** Material provided follows **

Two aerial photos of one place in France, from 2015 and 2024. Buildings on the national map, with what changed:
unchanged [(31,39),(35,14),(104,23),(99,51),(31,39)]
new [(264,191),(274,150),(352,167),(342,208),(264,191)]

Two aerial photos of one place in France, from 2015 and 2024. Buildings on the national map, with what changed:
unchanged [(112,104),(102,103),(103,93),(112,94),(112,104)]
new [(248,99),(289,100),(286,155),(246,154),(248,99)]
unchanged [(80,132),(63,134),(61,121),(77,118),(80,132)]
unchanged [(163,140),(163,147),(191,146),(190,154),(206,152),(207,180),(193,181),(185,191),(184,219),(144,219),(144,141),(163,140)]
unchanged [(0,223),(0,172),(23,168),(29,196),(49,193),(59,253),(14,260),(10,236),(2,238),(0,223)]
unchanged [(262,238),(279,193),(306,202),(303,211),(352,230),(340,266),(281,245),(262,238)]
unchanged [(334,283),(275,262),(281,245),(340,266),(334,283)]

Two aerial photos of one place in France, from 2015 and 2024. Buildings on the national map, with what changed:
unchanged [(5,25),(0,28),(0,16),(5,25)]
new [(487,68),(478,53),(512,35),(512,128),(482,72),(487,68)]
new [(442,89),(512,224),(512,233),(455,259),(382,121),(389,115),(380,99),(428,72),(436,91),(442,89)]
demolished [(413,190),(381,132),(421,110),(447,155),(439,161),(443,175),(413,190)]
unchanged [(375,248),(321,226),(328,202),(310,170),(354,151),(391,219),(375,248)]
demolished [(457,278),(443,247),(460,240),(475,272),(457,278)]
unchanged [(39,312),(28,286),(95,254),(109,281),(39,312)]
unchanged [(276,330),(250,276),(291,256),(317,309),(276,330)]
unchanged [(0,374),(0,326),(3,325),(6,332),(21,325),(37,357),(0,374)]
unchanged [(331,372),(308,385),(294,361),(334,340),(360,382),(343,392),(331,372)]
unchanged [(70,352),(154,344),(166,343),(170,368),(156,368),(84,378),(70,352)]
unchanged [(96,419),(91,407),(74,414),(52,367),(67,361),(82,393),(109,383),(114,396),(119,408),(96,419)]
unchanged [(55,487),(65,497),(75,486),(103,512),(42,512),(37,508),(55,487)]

** End of Material provided **

» Required action
Every entry above should be given again exactly as shown.

» Completed task
Two aerial photos of one place in France, from 2015 and 2024. Buildings on the national map, with what changed:
unchanged [(31,39),(35,14),(104,23),(99,51),(31,39)]
new [(264,191),(274,150),(352,167),(342,208),(264,191)]

Two aerial photos of one place in France, from 2015 and 2024. Buildings on the national map, with what changed:
unchanged [(112,104),(102,103),(103,93),(112,94),(112,104)]
new [(248,99),(289,100),(286,155),(246,154),(248,99)]
unchanged [(80,132),(63,134),(61,121),(77,118),(80,132)]
unchanged [(163,140),(163,147),(191,146),(190,154),(206,152),(207,180),(193,181),(185,191),(184,219),(144,219),(144,141),(163,140)]
unchanged [(0,223),(0,172),(23,168),(29,196),(49,193),(59,253),(14,260),(10,236),(2,238),(0,223)]
unchanged [(262,238),(279,193),(306,202),(303,211),(352,230),(340,266),(281,245),(262,238)]
unchanged [(334,283),(275,262),(281,245),(340,266),(334,283)]

Two aerial photos of one place in France, from 2015 and 2024. Buildings on the national map, with what changed:
unchanged [(5,25),(0,28),(0,16),(5,25)]
new [(487,68),(478,53),(512,35),(512,128),(482,72),(487,68)]
new [(442,89),(512,224),(512,233),(455,259),(382,121),(389,115),(380,99),(428,72),(436,91),(442,89)]
demolished [(413,190),(381,132),(421,110),(447,155),(439,161),(443,175),(413,190)]
unchanged [(375,248),(321,226),(328,202),(310,170),(354,151),(391,219),(375,248)]
demolished [(457,278),(443,247),(460,240),(475,272),(457,278)]
unchanged [(39,312),(28,286),(95,254),(109,281),(39,312)]
unchanged [(276,330),(250,276),(291,256),(317,309),(276,330)]
unchanged [(0,374),(0,326),(3,325),(6,332),(21,325),(37,357),(0,374)]
unchanged [(331,372),(308,385),(294,361),(334,340),(360,382),(343,392),(331,372)]
unchanged [(70,352),(154,344),(166,343),(170,368),(156,368),(84,378),(70,352)]
unchanged [(96,419),(91,407),(74,414),(52,367),(67,361),(82,393),(109,383),(114,396),(119,408),(96,419)]
unchanged [(55,487),(65,497),(75,486),(103,512),(42,512),(37,508),(55,487)]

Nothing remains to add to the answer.